Roney noted that tobacco products make up 40 percent of all litter in the United States and that discarded smoking materials can cause fires. According to the National Fire Center, there have been three fires in the past three years caused by discarded smoking materials, including one in Fairfax County in 2020 which caused over $48 million in damage.
Several members of City Council expressed their approval of the campaign and the new signs. Charles Aligood observed that the signs are “very appealing and eyecatching,” while Leslie Straughan noted that the new signs included e-cigarettes, which the city’s existing signage prohibiting smoking in public parks did not.

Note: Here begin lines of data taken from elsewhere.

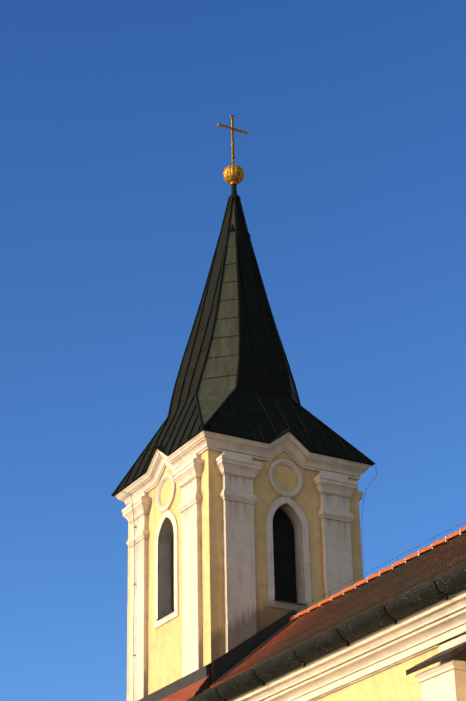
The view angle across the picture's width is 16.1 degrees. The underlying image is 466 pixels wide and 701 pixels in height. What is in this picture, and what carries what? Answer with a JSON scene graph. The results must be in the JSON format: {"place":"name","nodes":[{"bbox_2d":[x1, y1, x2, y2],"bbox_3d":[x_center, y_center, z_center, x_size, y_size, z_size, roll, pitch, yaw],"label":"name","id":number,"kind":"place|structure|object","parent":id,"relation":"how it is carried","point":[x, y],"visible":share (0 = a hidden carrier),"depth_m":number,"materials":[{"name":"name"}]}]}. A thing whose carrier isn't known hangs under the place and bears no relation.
{"place":"outdoors","nodes":[
{"label":"outdoors","id":0,"kind":"place"},
{"bbox_2d":[160,676,208,700],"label":"tower tile apron","id":1,"kind":"object","parent":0,"point":[188,692],"visible":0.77,"depth_m":27.77,"materials":[{"name":"red tile"}]},
{"bbox_2d":[138,610,296,700],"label":"tower flashing","id":2,"kind":"object","parent":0,"point":[225,664],"visible":0.57,"depth_m":28.13,"materials":[{"name":"grey metal"}]},
{"bbox_2d":[156,599,306,620],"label":"window sills","id":3,"kind":"structure","parent":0,"point":[274,600],"depth_m":29.14,"materials":[{"name":"white paint"}]},
{"bbox_2d":[159,503,304,617],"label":"window reveals","id":4,"kind":"object","parent":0,"point":[166,534],"depth_m":30.09,"materials":[{"name":"white paint"}]},
{"bbox_2d":[0,0,465,700],"label":"sky","id":5,"kind":"structure","parent":0,"point":[115,154],"materials":[{"name":"blue"}]},
{"bbox_2d":[127,449,362,700],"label":"tower shaft","id":6,"kind":"object","parent":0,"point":[165,649],"visible":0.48,"depth_m":29.48,"materials":[{"name":"yellow paint"}]},
{"bbox_2d":[154,459,311,628],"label":"window surrounds","id":7,"kind":"object","parent":6,"relation":"attached to","point":[272,508],"visible":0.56,"depth_m":29.80,"materials":[{"name":"white paint"}]},
{"bbox_2d":[171,508,296,610],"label":"louvres","id":8,"kind":"object","parent":7,"relation":"on","point":[284,561],"visible":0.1,"depth_m":29.77,"materials":[{"name":"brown wood"}]},
{"bbox_2d":[122,450,362,700],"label":"pilasters","id":9,"kind":"object","parent":6,"relation":"attached to","point":[333,489],"visible":0.6,"depth_m":29.49,"materials":[{"name":"white paint"}]},
{"bbox_2d":[133,459,349,664],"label":"runoff stains","id":10,"kind":"object","parent":9,"relation":"on","point":[247,523],"visible":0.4,"depth_m":29.81,"materials":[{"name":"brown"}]},
{"bbox_2d":[115,430,371,505],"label":"tower cornice","id":11,"kind":"structure","parent":6,"relation":"attached to","point":[299,454],"depth_m":30.39,"materials":[{"name":"white paint"}]},
{"bbox_2d":[113,200,373,496],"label":"spire roof","id":12,"kind":"structure","parent":11,"relation":"on","point":[263,387],"depth_m":31.54,"materials":[{"name":"black metal"}]},
{"bbox_2d":[113,199,298,496],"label":"spire roof diagonals","id":13,"kind":"object","parent":12,"relation":"attached to","point":[213,394],"visible":0.19,"depth_m":31.75,"materials":[{"name":"black metal"}]},
{"bbox_2d":[228,184,240,200],"bbox_3d":[0.022,-3.291,34.472,0.270,0.440,0.270,13,-30,-27],"label":"spire tip collar","id":14,"kind":"object","parent":12,"relation":"on","point":[233,189],"visible":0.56,"depth_m":34.41,"materials":[{"name":"metal"}]},
{"bbox_2d":[218,115,246,185],"bbox_3d":[0.002,-4.241,34.943,0.448,1.760,0.580,-12,-28,20],"label":"cross finial","id":15,"kind":"object","parent":14,"relation":"on","point":[233,173],"visible":0.92,"depth_m":34.57,"materials":[{"name":"gold metal"}]},
{"bbox_2d":[112,194,374,495],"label":"roof seams","id":16,"kind":"object","parent":12,"relation":"on","point":[290,390],"visible":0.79,"depth_m":31.99,"materials":[{"name":"black metal"}]},
{"bbox_2d":[120,466,376,700],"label":"lightning conductor","id":17,"kind":"object","parent":6,"relation":"attached to","point":[134,584],"visible":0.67,"depth_m":30.75,"materials":[{"name":"grey metal"}]},
{"bbox_2d":[203,531,465,691],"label":"nave roof tiles","id":18,"kind":"object","parent":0,"point":[418,571],"depth_m":25.34,"materials":[{"name":"tile"}]},
{"bbox_2d":[289,526,465,620],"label":"ridge tiles","id":19,"kind":"object","parent":18,"relation":"on","point":[388,568],"visible":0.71,"depth_m":26.62,"materials":[{"name":"tile"}]},
{"bbox_2d":[294,522,463,610],"bbox_3d":[7.012,-0.158,19.564,0.010,0.120,24.288,13,-30,-27],"label":"ridge lightning wire","id":20,"kind":"object","parent":19,"relation":"on","point":[388,561],"visible":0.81,"depth_m":26.43,"materials":[{"name":"grey metal"}]},
{"bbox_2d":[297,529,463,618],"bbox_3d":[6.975,-0.012,19.570,0.170,0.085,24.142,13,-30,-27],"label":"ridge mortar","id":21,"kind":"object","parent":19,"relation":"on","point":[379,575],"visible":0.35,"depth_m":26.65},
{"bbox_2d":[315,647,439,700],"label":"nave walls","id":22,"kind":"structure","parent":0,"point":[394,683],"depth_m":22.72,"materials":[{"name":"yellow paint"}]},
{"bbox_2d":[230,590,465,700],"bbox_3d":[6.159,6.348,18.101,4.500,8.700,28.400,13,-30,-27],"label":"cornice","id":23,"kind":"structure","parent":22,"relation":"attached to","point":[441,625],"depth_m":22.76,"materials":[{"name":"white paint"}]},
{"bbox_2d":[186,564,465,700],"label":"roof gutter","id":24,"kind":"object","parent":23,"relation":"attached to","point":[415,599],"visible":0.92,"depth_m":23.02,"materials":[{"name":"black metal"}]},
{"bbox_2d":[214,577,447,700],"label":"gutter brackets","id":25,"kind":"object","parent":23,"relation":"attached to","point":[348,644],"visible":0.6,"depth_m":23.09,"materials":[{"name":"metal"}]},
{"bbox_2d":[227,588,465,700],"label":"cornice molding","id":26,"kind":"structure","parent":23,"relation":"on","point":[415,612],"depth_m":23.07,"materials":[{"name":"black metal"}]},
{"bbox_2d":[406,641,465,675],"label":"buttress caps","id":27,"kind":"object","parent":23,"relation":"attached to","point":[445,654],"visible":1,"depth_m":21.06,"materials":[{"name":"zinc"}]},
{"bbox_2d":[421,669,465,700],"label":"nave buttresses","id":28,"kind":"structure","parent":22,"relation":"attached to","point":[450,685],"depth_m":20.86,"materials":[{"name":"white paint"}]}
]}

City Council unanimously voted to join the campaign pending a review of some language in the agreement by City Attorney Jeremy Carroll. In particular, there was concern about the phrasing regarding enforcement of the policy, which is voluntary under the Share the Air campaign.

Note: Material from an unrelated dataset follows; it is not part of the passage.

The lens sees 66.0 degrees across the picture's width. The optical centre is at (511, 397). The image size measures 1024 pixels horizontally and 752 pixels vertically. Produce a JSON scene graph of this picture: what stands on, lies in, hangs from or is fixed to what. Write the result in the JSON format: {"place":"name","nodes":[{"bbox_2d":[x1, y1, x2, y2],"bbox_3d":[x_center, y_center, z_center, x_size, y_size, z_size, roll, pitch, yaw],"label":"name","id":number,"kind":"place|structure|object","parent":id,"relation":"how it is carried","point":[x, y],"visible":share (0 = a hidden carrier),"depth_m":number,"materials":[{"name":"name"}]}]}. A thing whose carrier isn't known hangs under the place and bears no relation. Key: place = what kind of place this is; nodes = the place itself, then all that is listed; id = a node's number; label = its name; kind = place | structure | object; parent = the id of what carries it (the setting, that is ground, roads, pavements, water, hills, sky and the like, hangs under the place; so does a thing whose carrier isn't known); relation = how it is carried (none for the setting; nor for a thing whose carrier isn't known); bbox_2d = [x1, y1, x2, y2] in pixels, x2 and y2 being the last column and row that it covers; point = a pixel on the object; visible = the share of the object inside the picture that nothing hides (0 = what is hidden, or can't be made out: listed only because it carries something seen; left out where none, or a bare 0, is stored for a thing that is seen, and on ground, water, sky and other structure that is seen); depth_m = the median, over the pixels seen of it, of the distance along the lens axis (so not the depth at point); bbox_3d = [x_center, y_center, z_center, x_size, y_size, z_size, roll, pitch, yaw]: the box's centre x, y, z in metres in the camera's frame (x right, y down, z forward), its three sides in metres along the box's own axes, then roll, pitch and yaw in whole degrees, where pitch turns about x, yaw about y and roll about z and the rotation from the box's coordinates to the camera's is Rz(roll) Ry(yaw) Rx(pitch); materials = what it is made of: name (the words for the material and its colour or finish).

The section of the agreement in question read, “If a person continues to violate the voluntary compliance, an owner, manager, or park employee can inform the person that a violation constitutes a nuisance.”
Carroll worked with Share the Air to amend that section of the agreement, which was changed to read that a person continuing to violate the voluntary compliance, an owner, manager, etc., “can inform that person of the voluntary policy and encourage that person to comply.”
The agreement with the amended language was signed by City Manager Jim Halasz on Aug. 1. The signs were then delivered to the city and put up at the end of last week.
Established in 1999 by the Virginia General Assembly, the Virginia Foundation for Healthy Youth empowers Virginia’s youth to make healthy choices by reducing and preventing youth tobacco and nicotine use, substance use, and childhood obesity. Y Street, founded in 2004, is the Virginia Foundation for Healthy Youth’s teen volunteer group for high school students.